EXERCISE INSTRUCTIONS: Would you repeat the whole listing exactly, pictures excluded?

** SOURCE DATA follows **

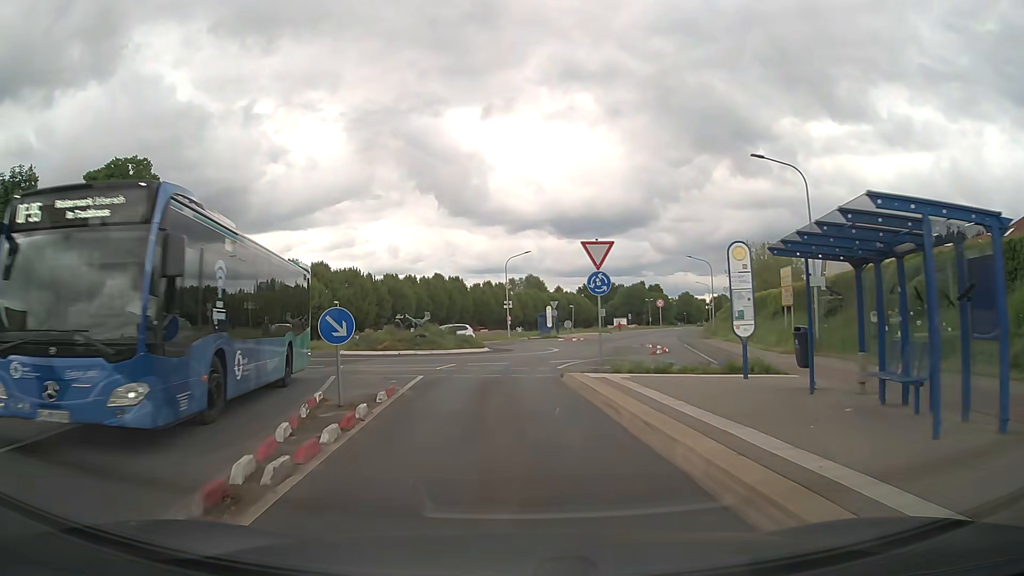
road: tertiary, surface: asphalt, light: Day
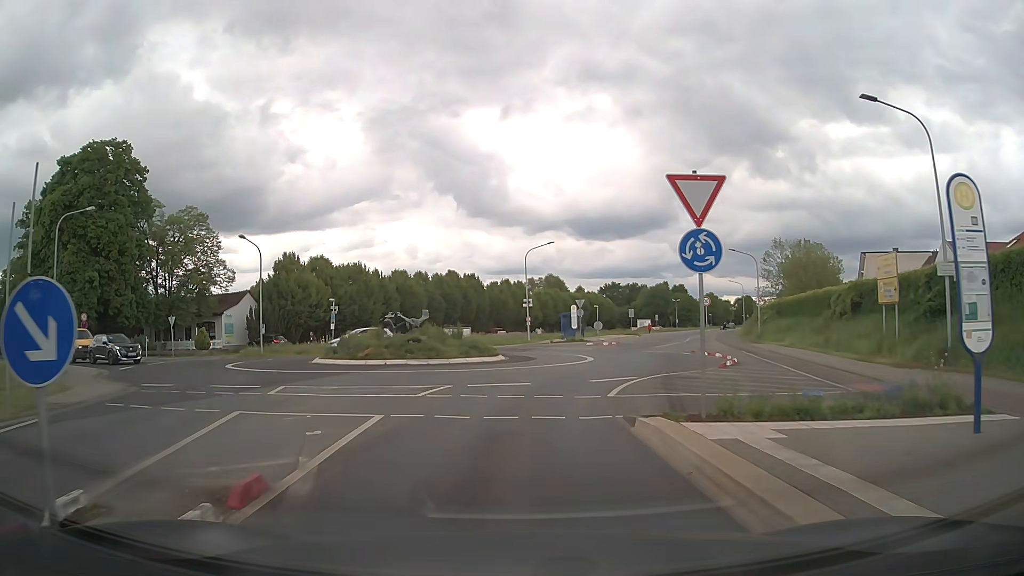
(-0.1, +7.6) m; -2°
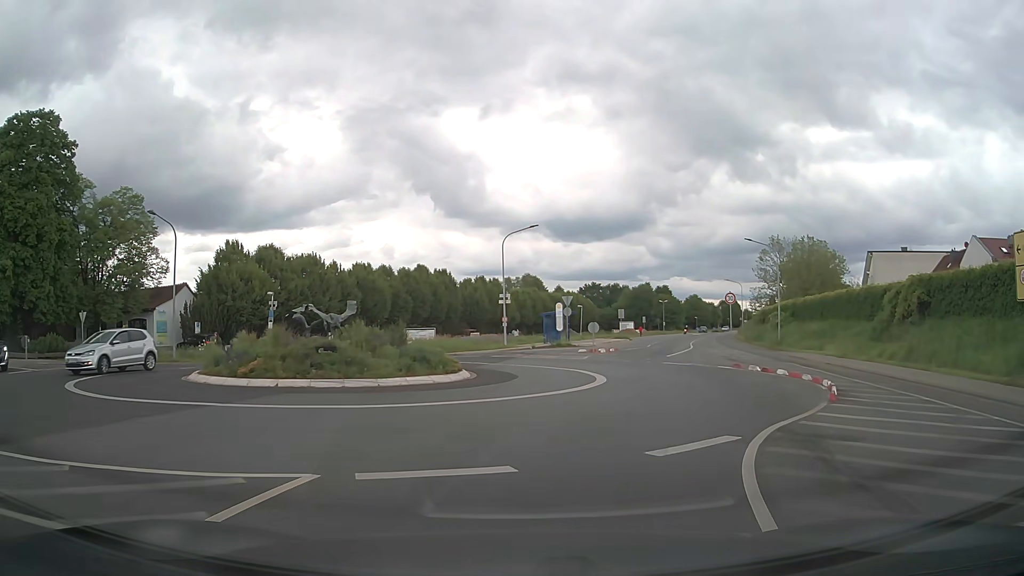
(+0.1, +9.4) m; +2°
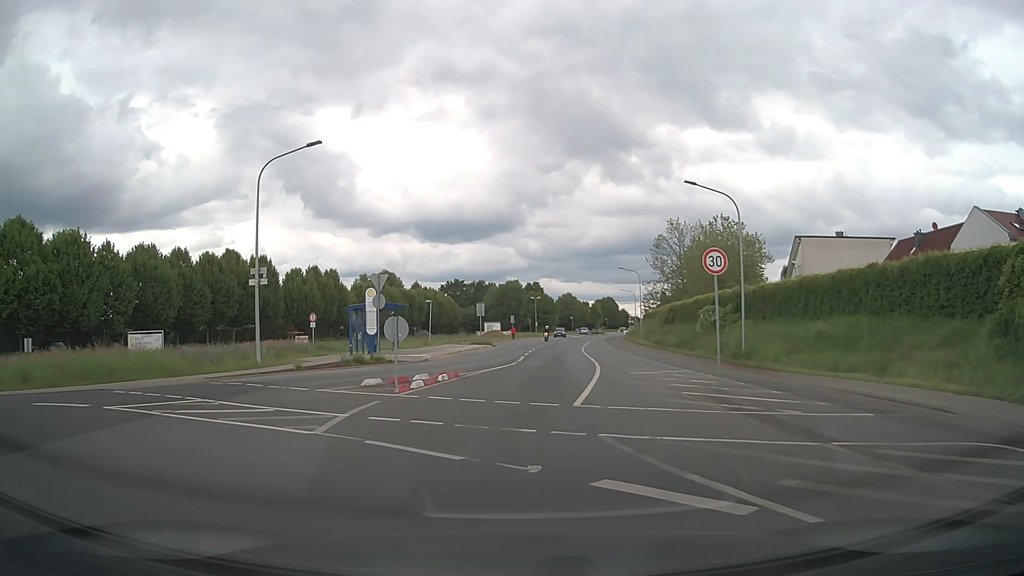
(+3.5, +20.2) m; +11°
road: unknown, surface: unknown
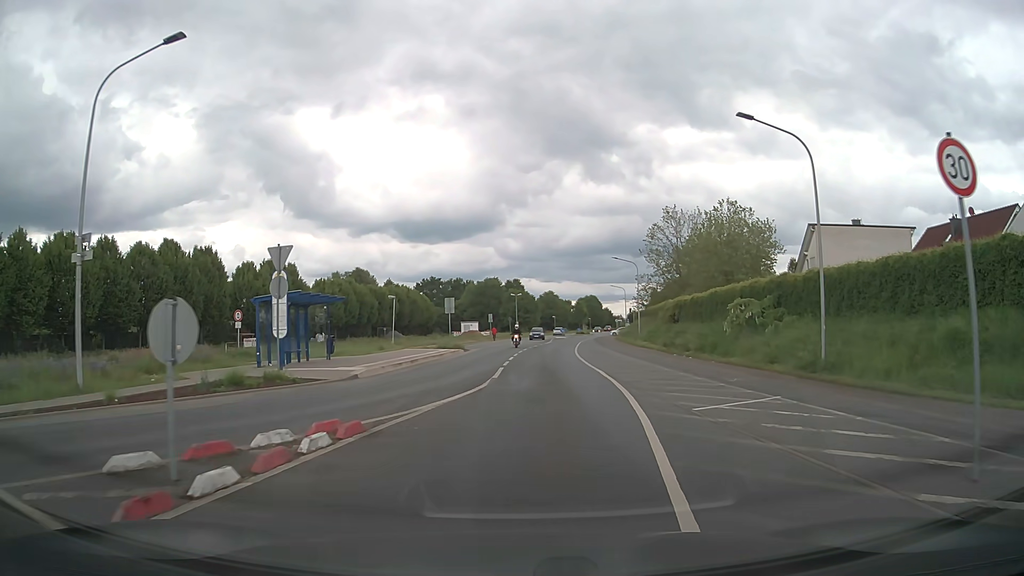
(+0.1, +9.9) m; +2°
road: tertiary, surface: asphalt
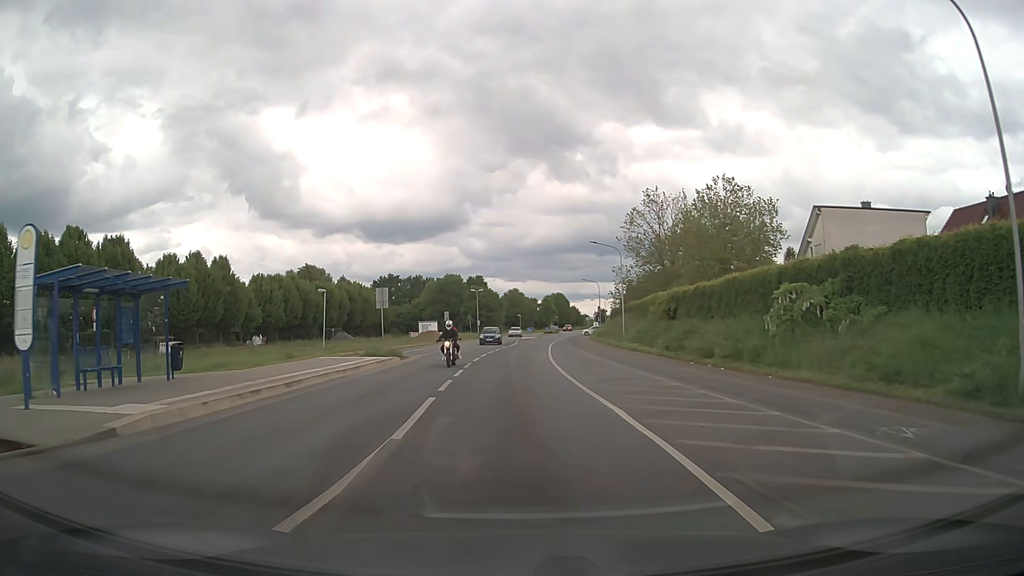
(+0.3, +10.7) m; +3°
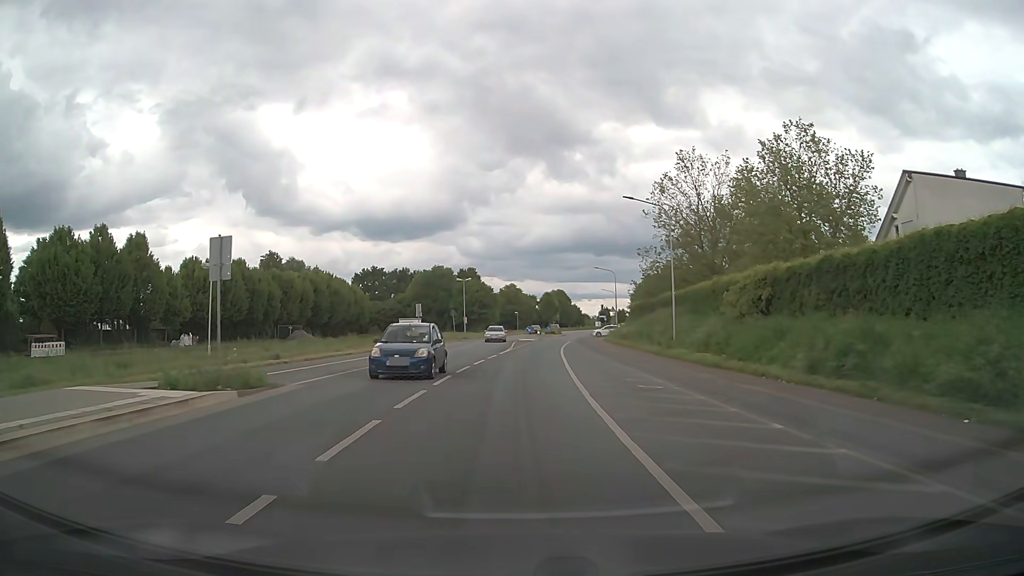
(0.0, +17.7) m; 0°
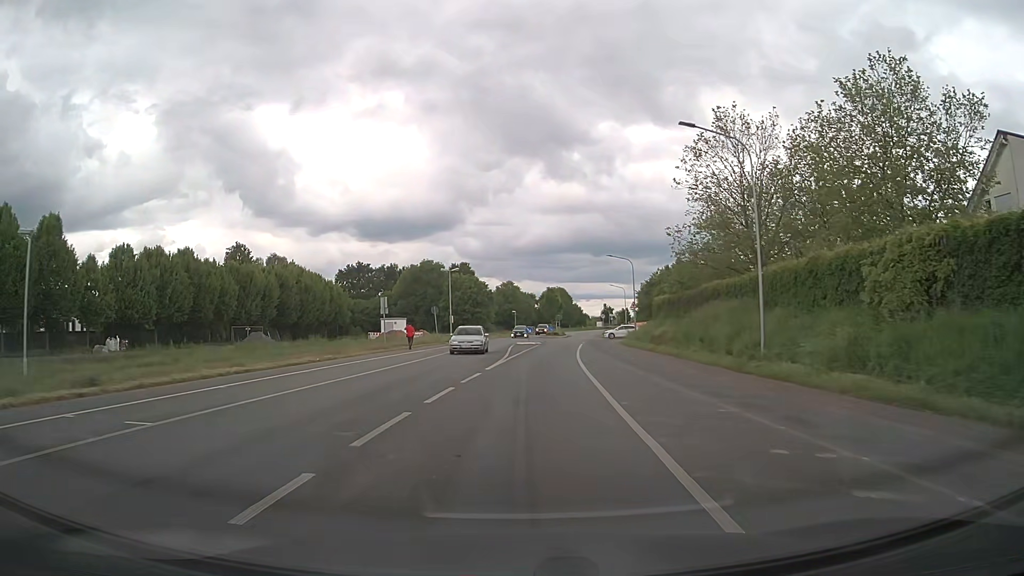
(0.0, +12.7) m; 0°
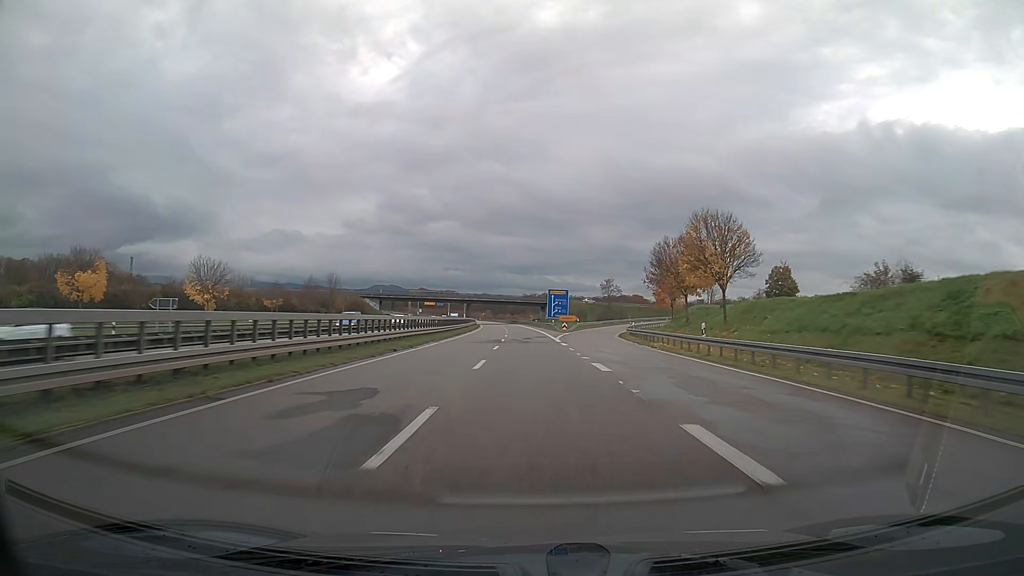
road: trunk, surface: asphalt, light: Day
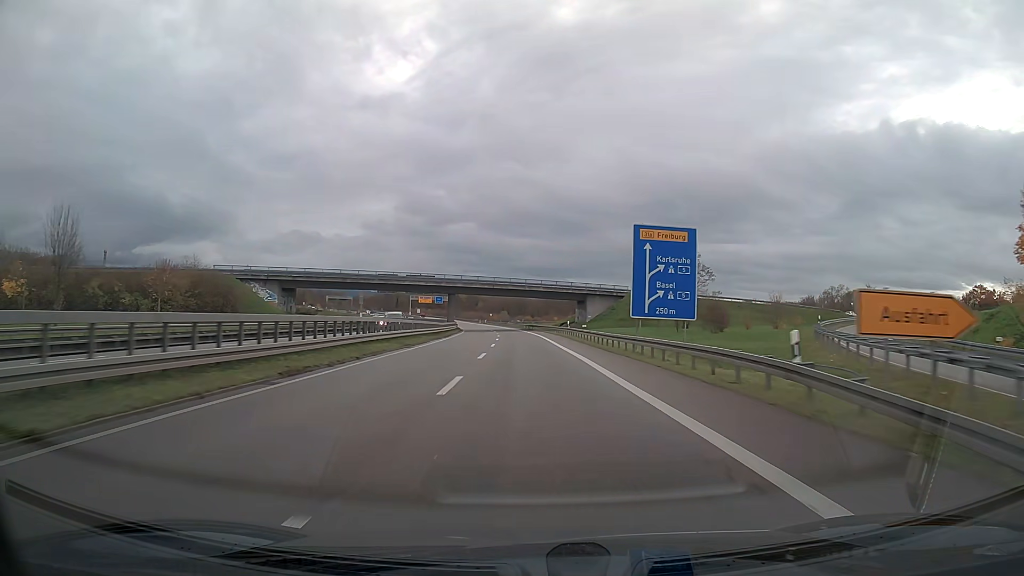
(-1.2, +76.4) m; -2°
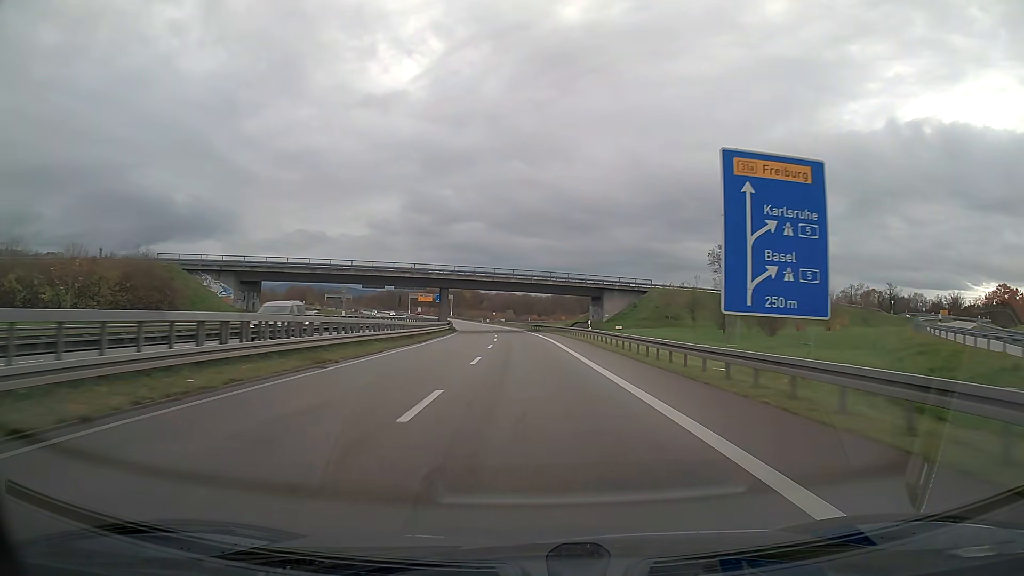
(-0.1, +15.3) m; -1°
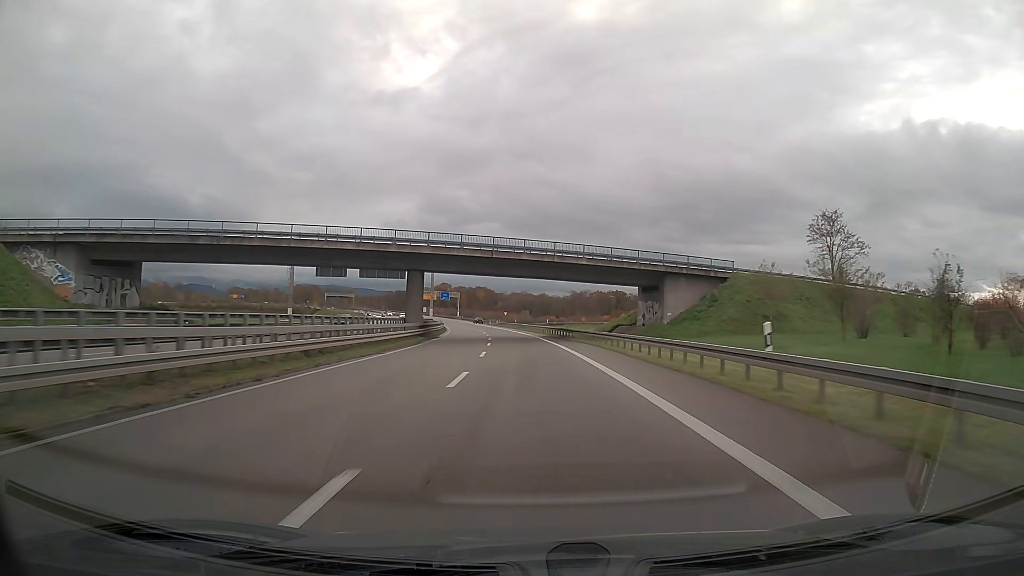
(-0.4, +30.7) m; -1°
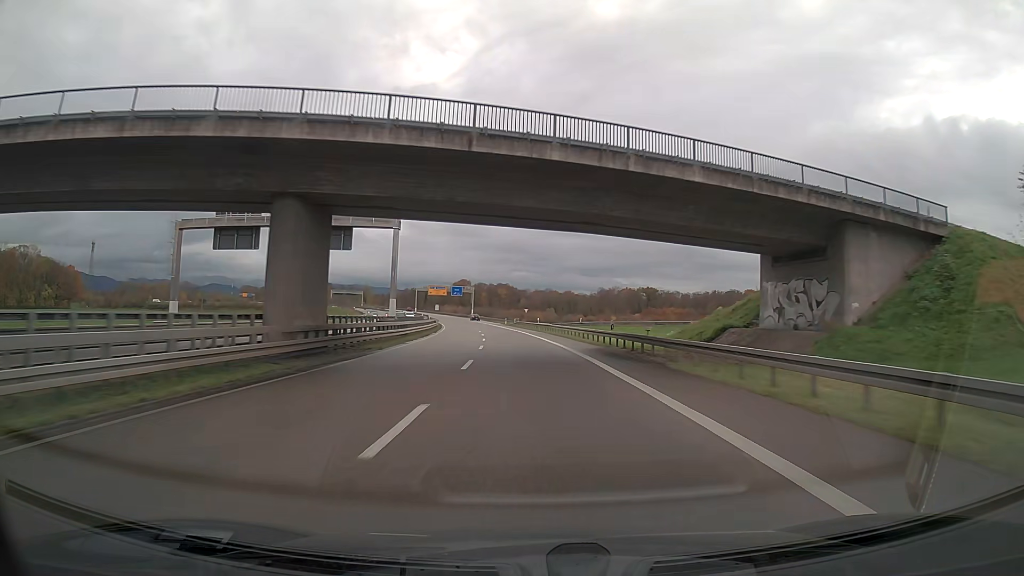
(-0.5, +30.7) m; -2°
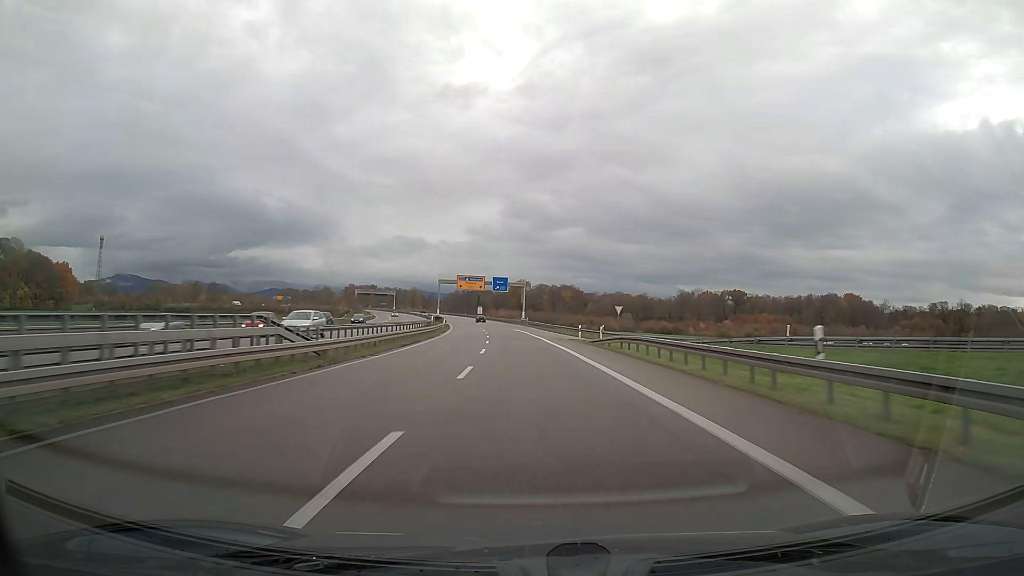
(-2.7, +61.4) m; -5°
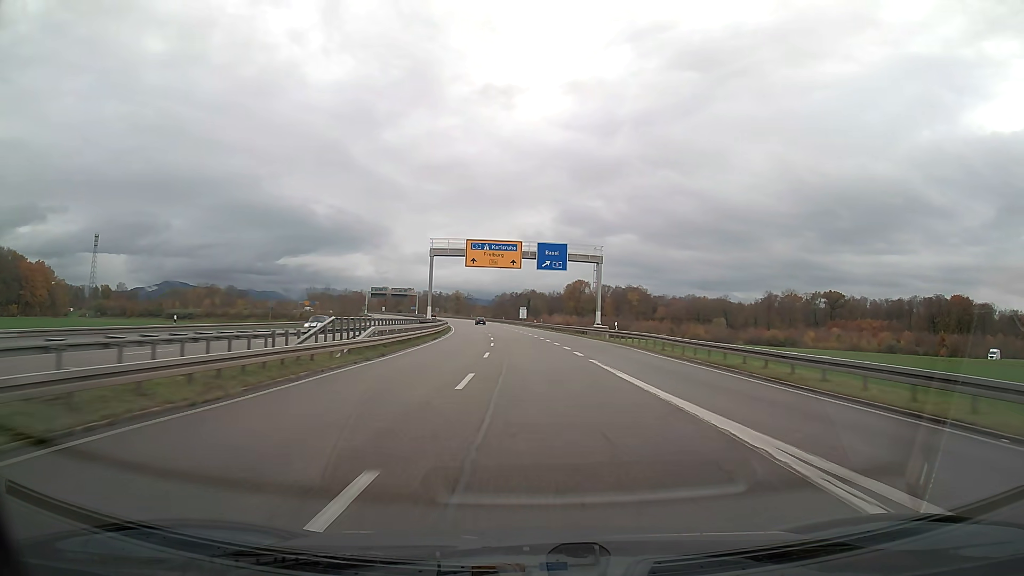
(-2.5, +61.4) m; -5°
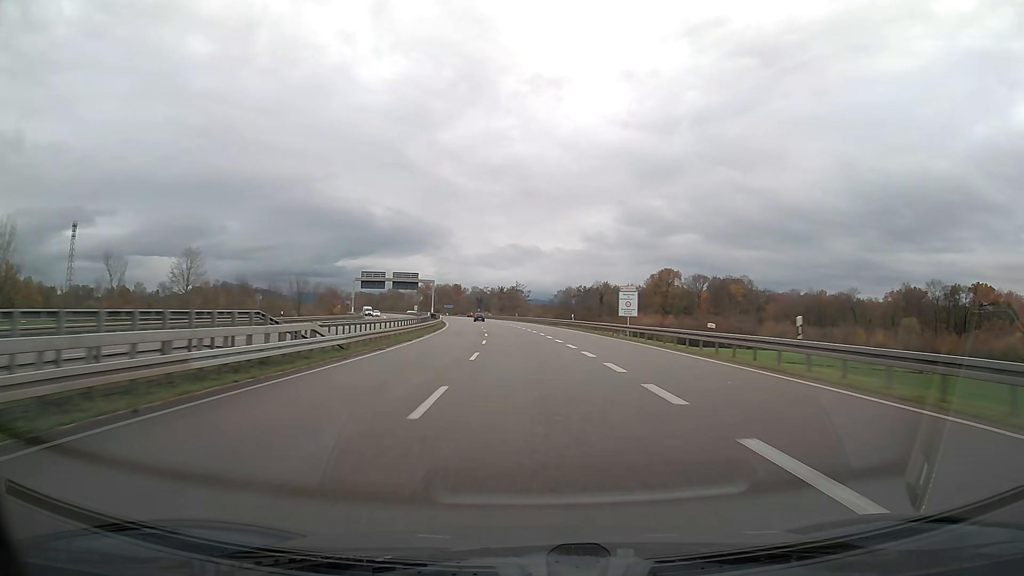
(-3.7, +76.4) m; -6°
(0, +10) (0, +20) (-1, +30) (-1, +40) (-2, +50) (-2, +60) (-3, +70) (-4, +80) (-5, +90) (-7, +100) m

** End of SOURCE DATA **

RESULT FOR THIS EXERCISE:
road: tertiary, surface: asphalt, light: Day
(-0.1, +7.6) m; -2°
(+0.1, +9.4) m; +2°
(+3.5, +20.2) m; +11°
road: unknown, surface: unknown
(+0.1, +9.9) m; +2°
road: tertiary, surface: asphalt
(+0.3, +10.7) m; +3°
(0.0, +17.7) m; 0°
(0.0, +12.7) m; 0°
road: trunk, surface: asphalt, light: Day
(-1.2, +76.4) m; -2°
(-0.1, +15.3) m; -1°
(-0.4, +30.7) m; -1°
(-0.5, +30.7) m; -2°
(-2.7, +61.4) m; -5°
(-2.5, +61.4) m; -5°
(-3.7, +76.4) m; -6°
(0, +10) (0, +20) (-1, +30) (-1, +40) (-2, +50) (-2, +60) (-3, +70) (-4, +80) (-5, +90) (-7, +100) m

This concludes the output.